Я держал его, как кобра мышь, но у крутого ещё были силы, много нерастраченной энергии - и вот он, резво вскочив, вырвал из кармана мобилу и стал в спешке набирать номер - три раза, потому что дважды ошибся в одной цифре. Только через десять секунд он всё понял и теперь, зачем-то продолжая вертеть пальцами бесполезный аппарат, глядел на меня широкими глазами, одинокими, как два острова посреди Тихого океана. И я, буравя острова аж до недр земных - но при этом само спокойствие! - сказал: "Ну, садись же", - но крутой бросился к двери, алой как насытившийся плотью адский костёр; схватил её за ручку, сжал, насилуя толстыми пальцами - разумеется, безуспешно: дверь, путь в один конец, этот символ... вы ещё помните, да? А потом он кричал, что когда уйдёт отсюда, то обратится в кое-какие органы, а я - ну просто журчание ручейка - проговорил:
"Ты наконец сядешь на место, чтобы я мог спокойно сделать дело?"
Мы снова встретились, и крутой - кстати или не совсем - вспомнил здорового азиата (которому так и не отомстил!), сломавшего ему ребро три года назад; а я сказал:
"Не сомневайся: ты выйдешь отсюда бесконечно счастливым", - и, когда он окончательно ощутил себя чужаком в чужой земле, добавил: - "Но ведь ничто в этой жизни не даётся даром, не так ли?"
Крутой орал; он матерился через слово и называл имена. Эти имена должны испугать меня, считал он - ну, они ведь испугали владельца банка (кстати, за два квартала отсюда) - а ведь кто такой банкир, и кто такой я? Да, правда, если подумать: кто такой я? А я только лишь глядел на него: вот ещё одна минута напрасно потраченного времени - из таких минут можно сложить годы полноценной жизни, но где же они теперь? Затем я осведомился, закончил ли он уже; но крутой будто не слышал. Я откровенно заскучал; встал и повернулся к нему спиной: ну, и что ты сделаешь? Он замолк на полуслове: блаженная тишина, наконец-то! Когда сядешь на стул, дай мне знать, сказал я, а крутой вдруг вежливо поинтересовался, кто у нас крыша и, если он конкретно не прав, то почему бы не сказать об этом прямо? И я ответил: ты можешь ещё час торчать здесь; можешь торчать два, и три, и больше; можешь грузить меня своей ерундой, одновременно трахая в мыслях новую молоденькую продавщицу из соседнего магазина; но пойми - не притворяйся глупее, чем ты есть, здесь всё равно нет зеркала - пойми, что, какой бы ты ни был крутой и сколько бы ни задолжал твоему боссу владелец той лавчонки, ты всё равно сядешь на этот стул. Нет, ты ни в чём не виноват, и вообще - какая, к япона матери, вина? Просто потому, что ты здесь. И больше никаких объяснений.

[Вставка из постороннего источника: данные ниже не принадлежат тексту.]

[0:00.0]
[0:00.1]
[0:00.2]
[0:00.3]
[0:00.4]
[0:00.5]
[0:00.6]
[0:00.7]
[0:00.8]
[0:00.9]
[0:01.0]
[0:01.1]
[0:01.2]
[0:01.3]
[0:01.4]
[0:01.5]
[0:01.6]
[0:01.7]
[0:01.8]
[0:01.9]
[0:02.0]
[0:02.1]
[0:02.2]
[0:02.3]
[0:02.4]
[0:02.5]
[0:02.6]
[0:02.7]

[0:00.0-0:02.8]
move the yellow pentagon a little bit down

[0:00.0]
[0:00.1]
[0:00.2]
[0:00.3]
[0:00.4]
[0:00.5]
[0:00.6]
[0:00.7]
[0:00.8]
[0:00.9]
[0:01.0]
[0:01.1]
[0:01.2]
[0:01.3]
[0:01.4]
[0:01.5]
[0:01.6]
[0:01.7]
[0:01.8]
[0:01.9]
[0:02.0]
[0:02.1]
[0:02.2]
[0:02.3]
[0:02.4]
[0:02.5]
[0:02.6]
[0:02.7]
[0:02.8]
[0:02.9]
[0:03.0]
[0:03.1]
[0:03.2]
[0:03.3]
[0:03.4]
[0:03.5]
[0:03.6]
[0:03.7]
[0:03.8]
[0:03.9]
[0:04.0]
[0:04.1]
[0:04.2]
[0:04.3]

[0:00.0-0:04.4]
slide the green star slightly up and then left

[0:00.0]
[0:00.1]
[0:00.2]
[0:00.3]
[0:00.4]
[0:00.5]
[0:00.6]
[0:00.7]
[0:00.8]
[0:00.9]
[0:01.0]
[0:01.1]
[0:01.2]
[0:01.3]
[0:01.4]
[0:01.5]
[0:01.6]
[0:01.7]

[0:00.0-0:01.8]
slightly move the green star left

Может быть, его доконала именно "продавщица". Впрочем, какая разница? То, что должно случиться - случается; звучит банально, но как ещё об этом сказать?
За день до крутого здесь была трусиха - она воображала, что слишком толстая, и поэтому никто никогда её не полюбит. Трусиха носила узкие юбки, немилосердно затягивая талию; думала, что косметики обязательно должно быть много, и превращала себя в неправдоподобную подружку Барби. В понедельник она опять не пошла с однокурсниками в кафе, потому что (о, ужас!) они обязательно будут смеяться над ней. Глупые люди, которым не ведомо, что нет более жёсткого критика, чем внутренний - они, чтобы оправдать одну глупость, совершают следующую; а потом - ещё одну, чтобы оправдать эту; и так - до самого конца... И вот, одна из великого множества неудовлетворённых дур она была тут; она сидела на стуле и, когда я пообещал забрать у неё жизнь, мне показалось, что сейчас она так и упадёт - назад, вместе со стулом; чего доброго, помрёт от инфаркта - но тогда её жизнь, увы, достанется не мне.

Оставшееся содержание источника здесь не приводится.